Rarefaction analysis for eccDNA-absent genes and unique eccDNA forming regions
Rarefaction analysis for genes found fully encompassed by eccDNA forming regions were performed by first sampling eccDNA forming regions from all samples at random in increasing 10% intervals. For each subsample, the number of genes found fully encompassed by eccDNA forming regions was determined as before. Next, eccDNA forming regions were shuffled across the genome and sampled at random in increasing 10% intervals. Again, the number of genes found fully encompassed by eccDNA forming regions was determined for each sample. This analysis was performed 100 times with similar results as those represented in Fig. 5C. A similar approach was used for rarefaction analysis of eccDNA forming regions but the number of unique microDNAs, large eccDNAs, and LTR eccDNAs were counted at each subsample instead.

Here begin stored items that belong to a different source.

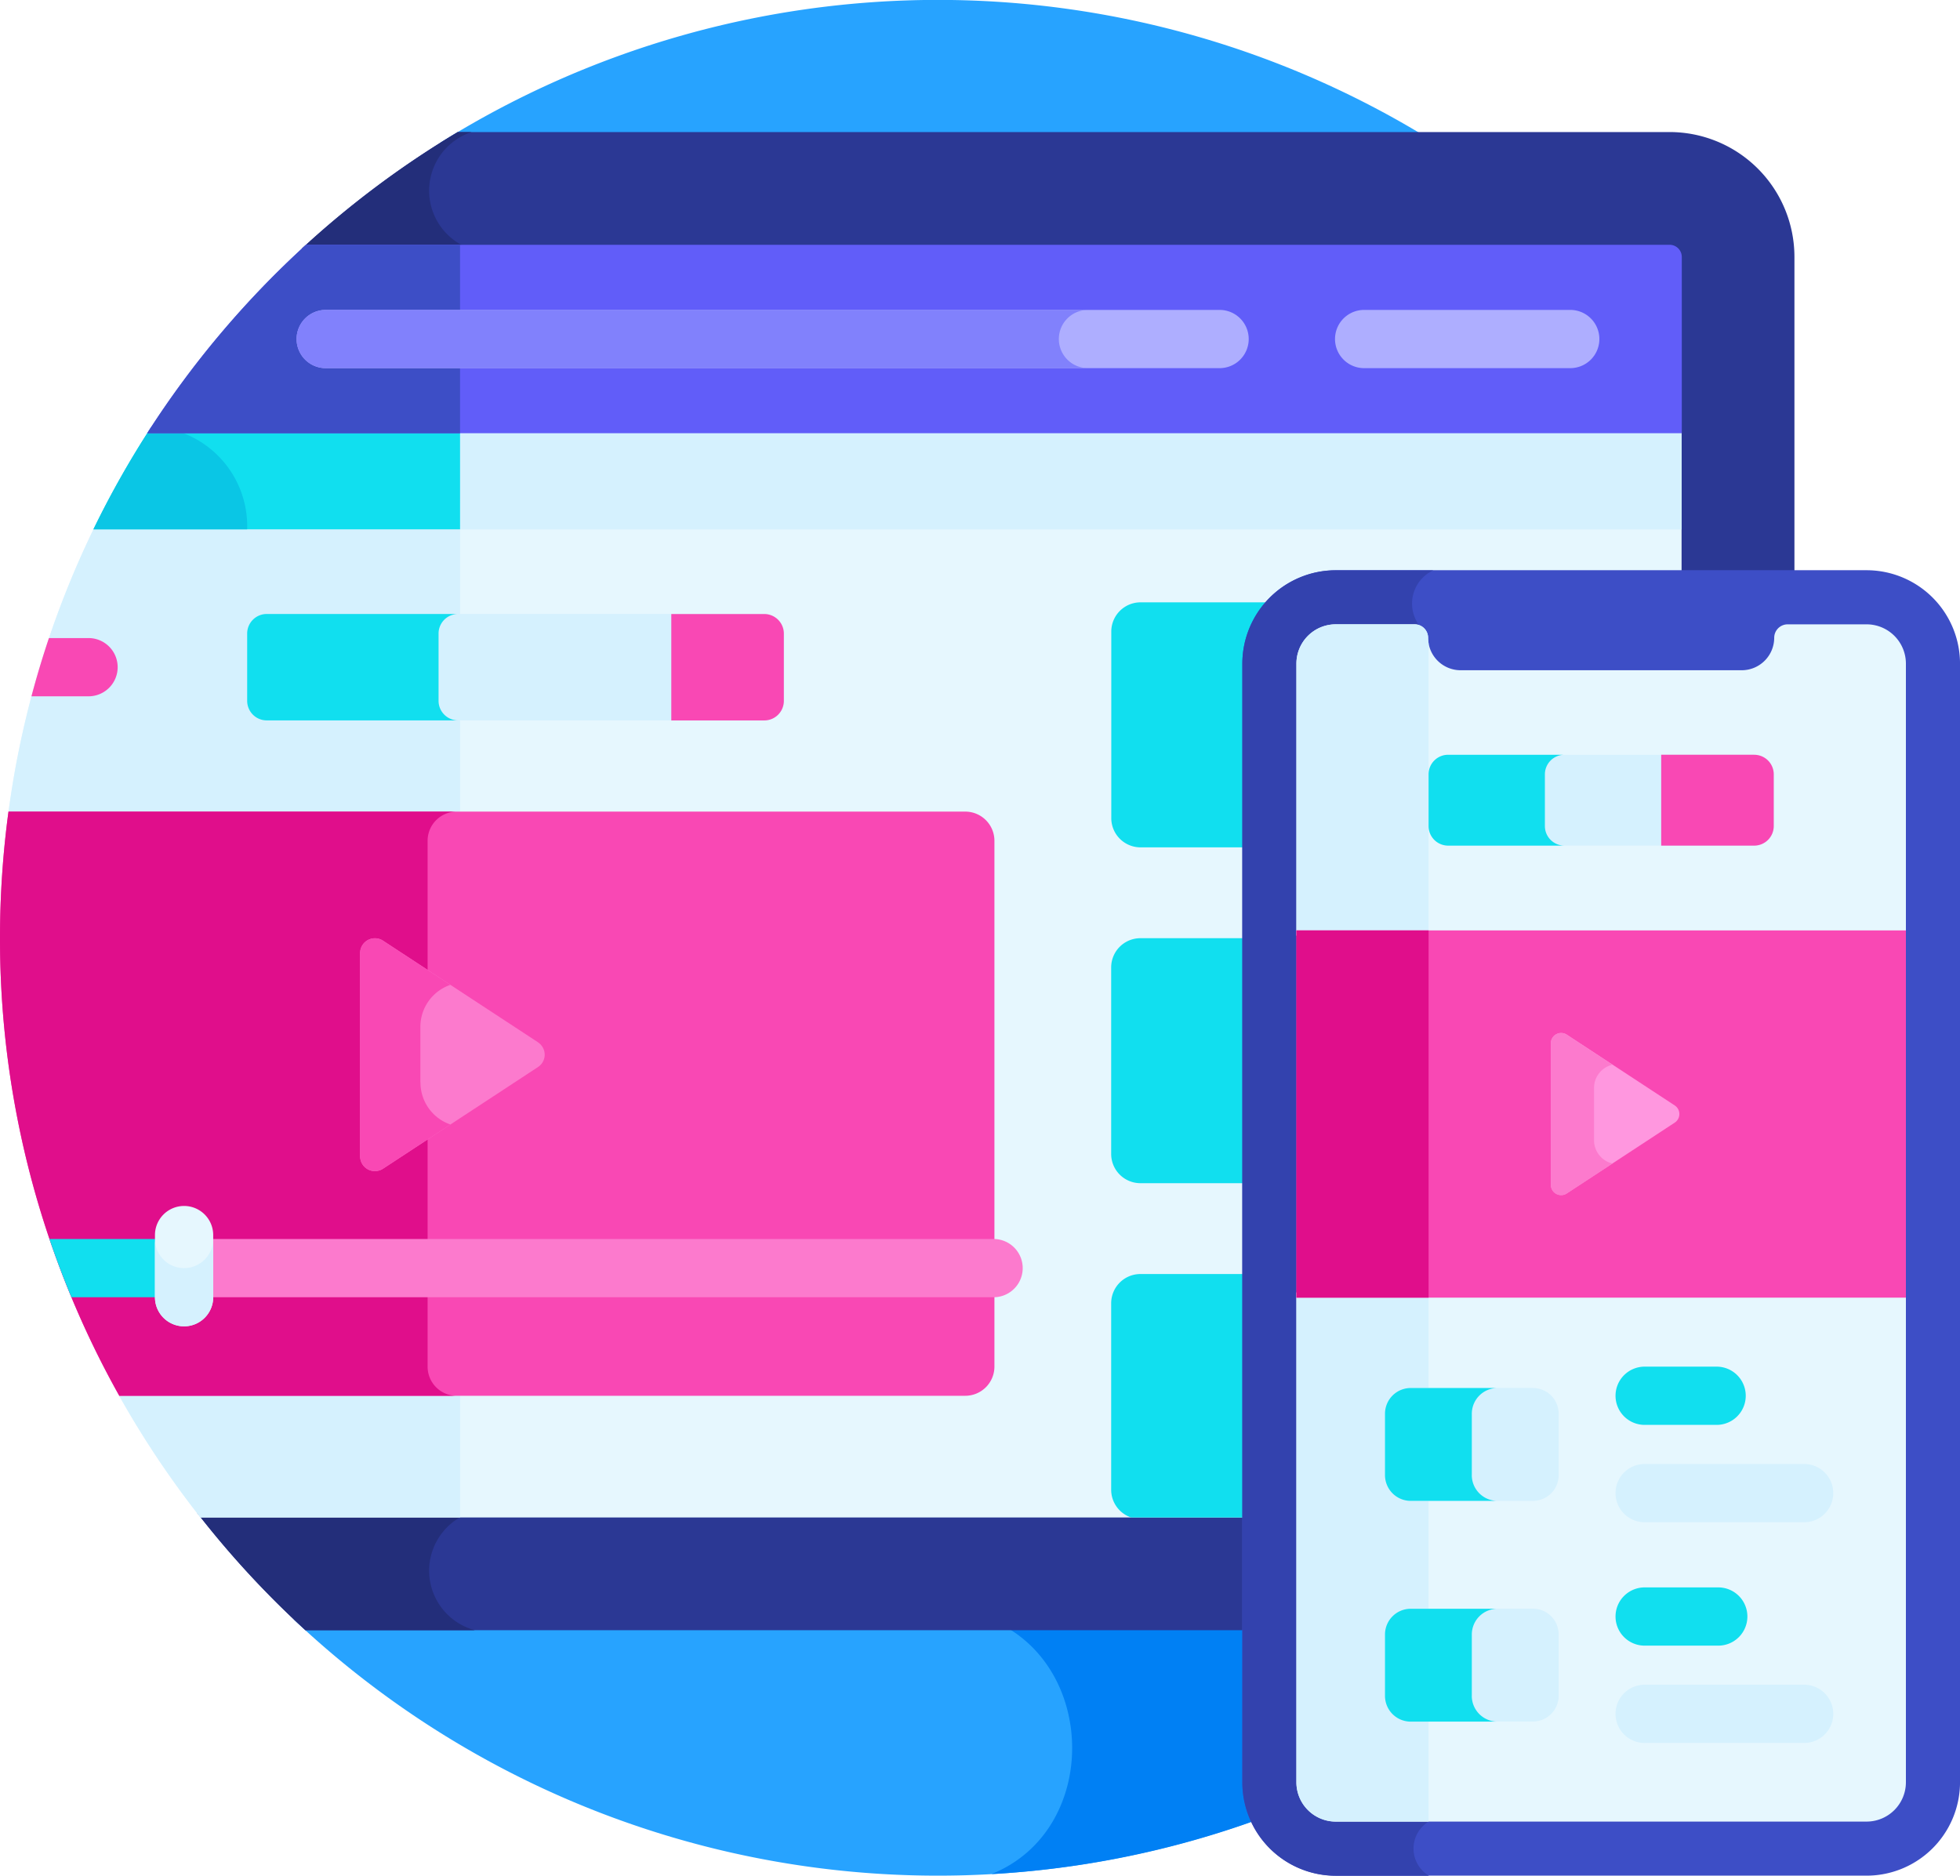 <svg xmlns="http://www.w3.org/2000/svg" width="84.999" height="81.346" viewBox="0 0 84.999 81.346">
  <g id="booking-link-icon" transform="translate(0 -0.5)">
    <path id="Path_34" data-name="Path 34" d="M126.219,6.7a40.689,40.689,0,0,0-43.192,0ZM76.68,70.726a40.669,40.669,0,0,0,55.887,0Zm0,0" transform="translate(-63.95 0)" fill="#27a3ff"/>
    <path id="Path_35" data-name="Path 35" d="M258.566,434.569A40.524,40.524,0,0,0,284.2,423.516h-25.7c4.69,1.859,4.818,9.148.074,11.053Zm0,0" transform="translate(-215.579 -352.79)" fill="#0080f4"/>
    <path id="Path_36" data-name="Path 36" d="M115.354,35H62.8a40.826,40.826,0,0,0-6.763,5.056L51.5,94.889a40.906,40.906,0,0,0,4.693,5.085H97.075V58.054a3.8,3.8,0,0,1,3.8-3.8h19.891V40.412A5.417,5.417,0,0,0,115.354,35Zm0,0" transform="translate(-42.947 -28.773)" fill="#2b3894"/>
    <path id="Path_37" data-name="Path 37" d="M61.557,97.394a2.675,2.675,0,0,1,2.538-2.67V40.212A2.674,2.674,0,0,1,63.4,35h-.6a40.826,40.826,0,0,0-6.763,5.056L51.5,94.889a40.906,40.906,0,0,0,4.693,5.085h7.347A2.676,2.676,0,0,1,61.557,97.394Zm0,0" transform="translate(-42.947 -28.773)" fill="#232e7a"/>
    <path id="Path_38" data-name="Path 38" d="M5.99,137.762A40.4,40.4,0,0,0,2.223,150.18l4.8,25.329h0a40.722,40.722,0,0,0,3.526,5.279h45.43V143.756a3.8,3.8,0,0,1,3.8-3.8h15v-2.2Zm0,0" transform="translate(-1.854 -114.475)" fill="#e6f7fe"/>
    <path id="Path_39" data-name="Path 39" d="M5.99,137.762A40.4,40.4,0,0,0,2.223,150.18l4.8,25.329h0a40.722,40.722,0,0,0,3.526,5.279H21.805V137.762Zm0,0" transform="translate(-1.854 -114.475)" fill="#d5f1fe"/>
    <path id="Path_40" data-name="Path 40" d="M41.86,212.527H.368A41.082,41.082,0,0,0,0,218a40.56,40.56,0,0,0,3.018,15.4H43.125V213.792a1.265,1.265,0,0,0-1.265-1.265Zm0,0" transform="translate(0 -176.828)" fill="#f948b4"/>
    <path id="Path_41" data-name="Path 41" d="M20.336,342.706H57.022a1.265,1.265,0,0,0,1.265-1.265v-3.2H18.18a40.549,40.549,0,0,0,2.156,4.464Zm0,0" transform="translate(-15.162 -281.672)" fill="#f948b4"/>
    <path id="Path_42" data-name="Path 42" d="M19.809,212.527H.368A41.082,41.082,0,0,0,0,218a40.547,40.547,0,0,0,3.019,15.4H18.544V213.792a1.265,1.265,0,0,1,1.264-1.265ZM18.544,236.6v-3.2H3.019a40.415,40.415,0,0,0,2.155,4.464H19.809a1.264,1.264,0,0,1-1.265-1.264Zm0,0" transform="translate(0 -176.828)" fill="#e00e8b"/>
    <path id="Path_43" data-name="Path 43" d="M10.659,169.716a1.263,1.263,0,1,0,0-2.525H8.977q-.419,1.245-.758,2.525Zm0,0" transform="translate(-6.855 -139.018)" fill="#f948b4"/>
    <path id="Path_44" data-name="Path 44" d="M87.836,164.664v-2.917a.849.849,0,0,0-.849-.849H65.411a.849.849,0,0,0-.849.849v2.917a.849.849,0,0,0,.849.849H86.988a.849.849,0,0,0,.848-.849Zm0,0" transform="translate(-53.844 -133.77)" fill="#d5f1fe"/>
    <g id="Group_1997" data-name="Group 1997" transform="translate(10.718 26.623)">
      <path id="Path_45" data-name="Path 45" d="M72.863,162.126v-2.917a.849.849,0,0,1,.849-.849h-8.3a.849.849,0,0,0-.849.849v2.917a.849.849,0,0,0,.849.849h8.3a.849.849,0,0,1-.849-.849Zm30.442-4.271a1.268,1.268,0,0,0-1.268,1.268v8.09a1.268,1.268,0,0,0,1.268,1.268h4.668v-7.967a3.785,3.785,0,0,1,1.089-2.658Zm4.668,14.566H103.3a1.268,1.268,0,0,0-1.268,1.268v8.089a1.268,1.268,0,0,0,1.268,1.268h4.668Zm0,14.565H103.3a1.268,1.268,0,0,0-1.268,1.268v8.09a1.269,1.269,0,0,0,.867,1.2h5.068Zm0,0" transform="translate(-64.562 -157.855)" fill="#11dfef"/>
    </g>
    <path id="Path_46" data-name="Path 46" d="M76.888,326.705H41.748a1.263,1.263,0,0,1,0-2.525H76.888a1.263,1.263,0,0,1,0,2.525Zm0,0" transform="translate(-33.764 -269.945)" fill="#fc7acd"/>
    <path id="Path_47" data-name="Path 47" d="M18.747,324.18H12.906q.434,1.278.954,2.525h4.887a1.263,1.263,0,0,0,0-2.525Zm0,0" transform="translate(-10.763 -269.945)" fill="#11dfef"/>
    <path id="Path_48" data-name="Path 48" d="M101.788,250.106,95.066,245.7a.641.641,0,0,0-.992.536v8.817a.641.641,0,0,0,.992.536l6.722-4.409a.64.64,0,0,0,0-1.071Zm0,0" transform="translate(-78.456 -204.403)" fill="#fc7acd"/>
    <path id="Path_49" data-name="Path 49" d="M96.686,251.839v-2.394a1.925,1.925,0,0,1,1.3-1.829L95.066,245.7a.641.641,0,0,0-.992.536v8.817a.641.641,0,0,0,.992.536l2.924-1.917a1.924,1.924,0,0,1-1.3-1.829Zm0,0" transform="translate(-78.456 -204.403)" fill="#f948b4"/>
    <path id="Path_50" data-name="Path 50" d="M351.6,149.465H328.578a4.056,4.056,0,0,0-4.051,4.051V202.03a4.056,4.056,0,0,0,4.051,4.051H351.6a4.055,4.055,0,0,0,4.051-4.051V153.516A4.055,4.055,0,0,0,351.6,149.465Zm0,0" transform="translate(-270.651 -124.235)" fill="#3d4ec6"/>
    <path id="Path_51" data-name="Path 51" d="M333.316,203.531v-46.8a11.857,11.857,0,0,0-1.268-5.129,1.59,1.59,0,0,1,.764-2.13h-4.229a4.051,4.051,0,0,0-4.051,4.051v48.514a4.051,4.051,0,0,0,4.051,4.051h4.043a1.373,1.373,0,0,1,.691-2.553Zm0,0" transform="translate(-270.655 -124.237)" fill="#3342ae"/>
    <path id="Path_52" data-name="Path 52" d="M365.088,177.092V165.3a1.705,1.705,0,0,0-1.706-1.705h-3.421a.584.584,0,0,0-.584.584,1.411,1.411,0,0,1-1.407,1.407H345.774a1.411,1.411,0,0,1-1.407-1.407.584.584,0,0,0-.584-.584h-3.421a1.706,1.706,0,0,0-1.706,1.705v11.793Zm-26.432,15.481v21.24a1.706,1.706,0,0,0,1.706,1.706h23.021a1.706,1.706,0,0,0,1.705-1.706v-21.24Zm0,0" transform="translate(-282.435 -136.018)" fill="#e6f7fe"/>
    <path id="Path_53" data-name="Path 53" d="M344.389,177.092v-12.68a1.4,1.4,0,0,1-.022-.234.584.584,0,0,0-.584-.584h-3.421a1.705,1.705,0,0,0-1.705,1.705v11.793Zm-5.733,15.481v21.24a1.706,1.706,0,0,0,1.706,1.706h4.027V192.574Zm0,0" transform="translate(-282.435 -136.018)" fill="#d5f1fe"/>
    <path id="Path_54" data-name="Path 54" d="M426.622,360.052H423.5a1.263,1.263,0,1,1,0-2.525h3.121a1.263,1.263,0,0,1,0,2.525Zm0,0" transform="translate(-352.141 -297.756)" fill="#11dfef"/>
    <path id="Path_55" data-name="Path 55" d="M430.417,385.482H423.5a1.263,1.263,0,1,1,0-2.525h6.916a1.263,1.263,0,0,1,0,2.525Zm0,0" transform="translate(-352.141 -318.964)" fill="#d5f1fe"/>
    <path id="Path_56" data-name="Path 56" d="M426.622,417.72H423.5a1.263,1.263,0,1,1,0-2.525h3.121a1.263,1.263,0,1,1,0,2.525Zm0,0" transform="translate(-352.141 -345.85)" fill="#11dfef"/>
    <path id="Path_57" data-name="Path 57" d="M430.417,443.15H423.5a1.263,1.263,0,1,1,0-2.525h6.916a1.263,1.263,0,0,1,0,2.525Zm0,0" transform="translate(-352.141 -367.059)" fill="#d5f1fe"/>
    <path id="Path_58" data-name="Path 58" d="M338.656,243.559h26.432v15.927H338.656Zm0,0" transform="translate(-282.435 -202.708)" fill="#f948b4"/>
    <path id="Path_59" data-name="Path 59" d="M338.656,243.559h5.733v15.927h-5.732Zm0,0" transform="translate(-282.435 -202.708)" fill="#e00e8b"/>
    <path id="Path_60" data-name="Path 60" d="M388.155,200.764v-2.244a.849.849,0,0,0-.849-.848H374.037a.849.849,0,0,0-.849.848v2.245a.849.849,0,0,0,.849.848h13.269A.849.849,0,0,0,388.155,200.764Zm0,0" transform="translate(-311.234 -164.438)" fill="#d5f1fe"/>
    <path id="Path_61" data-name="Path 61" d="M378.228,200.764v-2.244a.849.849,0,0,1,.849-.848h-5.044a.849.849,0,0,0-.849.848v2.244a.849.849,0,0,0,.849.848h5.044a.849.849,0,0,1-.849-.848Zm0,0" transform="translate(-311.231 -164.438)" fill="#11dfef"/>
    <path id="Path_62" data-name="Path 62" d="M368.211,363.1h-5.3a1.116,1.116,0,0,0-1.116,1.116v2.664A1.117,1.117,0,0,0,362.912,368h5.3a1.117,1.117,0,0,0,1.116-1.115V364.22a1.116,1.116,0,0,0-1.116-1.115Zm0,9.574h-5.3a1.116,1.116,0,0,0-1.116,1.116v2.664a1.116,1.116,0,0,0,1.116,1.115h5.3a1.116,1.116,0,0,0,1.116-1.115v-2.664a1.116,1.116,0,0,0-1.116-1.115Zm0,0" transform="translate(-301.733 -302.408)" fill="#d5f1fe"/>
    <path id="Path_63" data-name="Path 63" d="M365.562,366.884V364.22a1.117,1.117,0,0,1,1.115-1.115h-3.765a1.116,1.116,0,0,0-1.115,1.116v2.664A1.117,1.117,0,0,0,362.912,368h3.765a1.117,1.117,0,0,1-1.116-1.115Zm0,9.574v-2.664a1.117,1.117,0,0,1,1.115-1.115h-3.765a1.116,1.116,0,0,0-1.115,1.116v2.664a1.116,1.116,0,0,0,1.115,1.115h3.765a1.117,1.117,0,0,1-1.116-1.115Zm0,0" transform="translate(-301.734 -302.408)" fill="#11dfef"/>
    <path id="Path_64" data-name="Path 64" d="M24.41,116.4H93.287v-4.455H26.93a40.623,40.623,0,0,0-2.52,4.455Zm0,0" transform="translate(-20.358 -92.94)" fill="#d5f1fe"/>
    <path id="Path_65" data-name="Path 65" d="M40.309,111.941H26.93a40.62,40.62,0,0,0-2.52,4.455h15.9Zm0,0" transform="translate(-20.358 -92.94)" fill="#11dfef"/>
    <path id="Path_66" data-name="Path 66" d="M31.076,116.4a4.319,4.319,0,0,0-4.146-4.454A40.713,40.713,0,0,0,24.41,116.4Zm0,0" transform="translate(-20.358 -92.944)" fill="#0ac6e5"/>
    <path id="Path_67" data-name="Path 67" d="M104.473,64.449H45.338a40.881,40.881,0,0,0-6.889,8.173H105V64.972a.53.53,0,0,0-.523-.523Zm0,0" transform="translate(-32.066 -53.333)" fill="#615df9"/>
    <path id="Path_68" data-name="Path 68" d="M52.017,64.45h-6.68a40.881,40.881,0,0,0-6.889,8.173H52.017Zm0,0" transform="translate(-32.066 -53.333)" fill="#3d4ec6"/>
    <path id="Path_69" data-name="Path 69" d="M132.5,83.986h-8.867a1.263,1.263,0,1,1,0-2.525H132.5a1.263,1.263,0,1,1,0,2.525Zm-15.211,0H78.529a1.263,1.263,0,0,1,0-2.525h38.764a1.263,1.263,0,1,1,0,2.525Zm0,0" transform="translate(-64.439 -67.52)" fill="#aeaeff"/>
    <path id="Path_70" data-name="Path 70" d="M110.358,82.724a1.262,1.262,0,0,1,1.263-1.263H78.529a1.263,1.263,0,0,0,0,2.525h33.092a1.262,1.262,0,0,1-1.263-1.263Zm0,0" transform="translate(-64.439 -67.52)" fill="#8181fc"/>
    <path id="Path_71" data-name="Path 71" d="M179.391,160.9h-4.032v4.615h4.032a.849.849,0,0,0,.849-.849v-2.917A.85.85,0,0,0,179.391,160.9Zm0,0" transform="translate(-146.247 -133.77)" fill="#f948b4"/>
    <path id="Path_72" data-name="Path 72" d="M41.743,320.775a1.262,1.262,0,0,1-1.263-1.263v-2.694a1.263,1.263,0,1,1,2.526,0v2.694a1.262,1.262,0,0,1-1.263,1.263Zm0,0" transform="translate(-33.76 -262.753)" fill="#e6f7fe"/>
    <path id="Path_73" data-name="Path 73" d="M41.743,325.442a1.263,1.263,0,0,1-1.263-1.263v2.525a1.263,1.263,0,0,0,2.526,0V324.18A1.263,1.263,0,0,1,41.743,325.442Zm0,0" transform="translate(-33.76 -269.945)" fill="#d5f1fe"/>
    <path id="Path_74" data-name="Path 74" d="M437.977,197.671h-4.032v3.941h4.032a.849.849,0,0,0,.849-.848v-2.244a.849.849,0,0,0-.849-.848Zm0,0" transform="translate(-361.904 -164.438)" fill="#f948b4"/>
    <path id="Path_75" data-name="Path 75" d="M410.5,273.495l-4.68-3.069a.446.446,0,0,0-.691.373v6.138a.446.446,0,0,0,.691.373l4.68-3.069a.447.447,0,0,0,0-.746Zm0,0" transform="translate(-337.872 -225.053)" fill="#ff97df"/>
    <path id="Path_76" data-name="Path 76" d="M407,275v-2.26a1.035,1.035,0,0,1,.8-1.011l-1.984-1.3a.446.446,0,0,0-.691.373v6.138a.447.447,0,0,0,.691.374l1.984-1.3A1.036,1.036,0,0,1,407,275Zm0,0" transform="translate(-337.872 -225.053)" fill="#fc7acd"/>
  </g>
</svg>

Data processing and analysis
Data processing was performed in a RedHat Enterprise Linux environment with GNU bash version 4.2.46(20)-release. GNU coreutils version 8.22, GNU grep version 2.20, GNU sed version 4.2.2, gzip version 1.5, and GNU awk version 4.0.2 were all used for file processing and handling. Conda version 4.8.2 (https://docs.conda.io/en/latest/) was used to facilitate installation of software and packages. Code parallelization was performed with GNU parallel [81] version 20180322. Previously published data was downloaded using curl version 7.65.3 (https://curl.se/) and sra-tools version 2.10.4 (https://github.com/ncbi/sra-tools). Image file processing was performed with the help of ghostscript version 9.25 (https://ghostscript.com/) and imagemagick version 7.0.4-7 (https://imagemagick.org/index.php). BED format files were processed using bedtools [68] version 2.28.0 and bedGraphToBigWig version 4 (https://www.encodeproject.org/software/bedgraphtobigwig/). SAM and BAM format files were processed with SAMtools [82] version 1.8 and Picard version 2.9.0 (https://broadinstitute.github.io/picard/).
Data processing was also facilitated by custom Python scripts written in Python version 3.7.4 with the help of the pandas [83] version 0.25.1 and numpy [84] version 1.17.2 modules. The scipy [85] version 1.4.1 and more-intertools version 7.2.0 (https://more-itertools.readthedocs.io/) modules were also used.
Data analysis and statistical analyses were performed in R version 3.6.1. Data handling was processed using data.table [86] version 1.13.6, tidyr [87] version 1.1.3, reshape2 [88] version 1.4.4, and dplyr [89] version 1.0.4 packages. Plotting was performed using the ggplot2 [90] version 3.3.5 package, with help from RColorBrewer [91] version 1.1.2, scales [92] version 1.1.1, cowplot [93] version 1.1.1, ggprepel [94] version 0.9.1, and ggpubr [95] version 0.4.0 packages. The Gviz [96] version 1.28.3 was used for BAM file visualization. Tables were made using gt [97] version 0.3.1.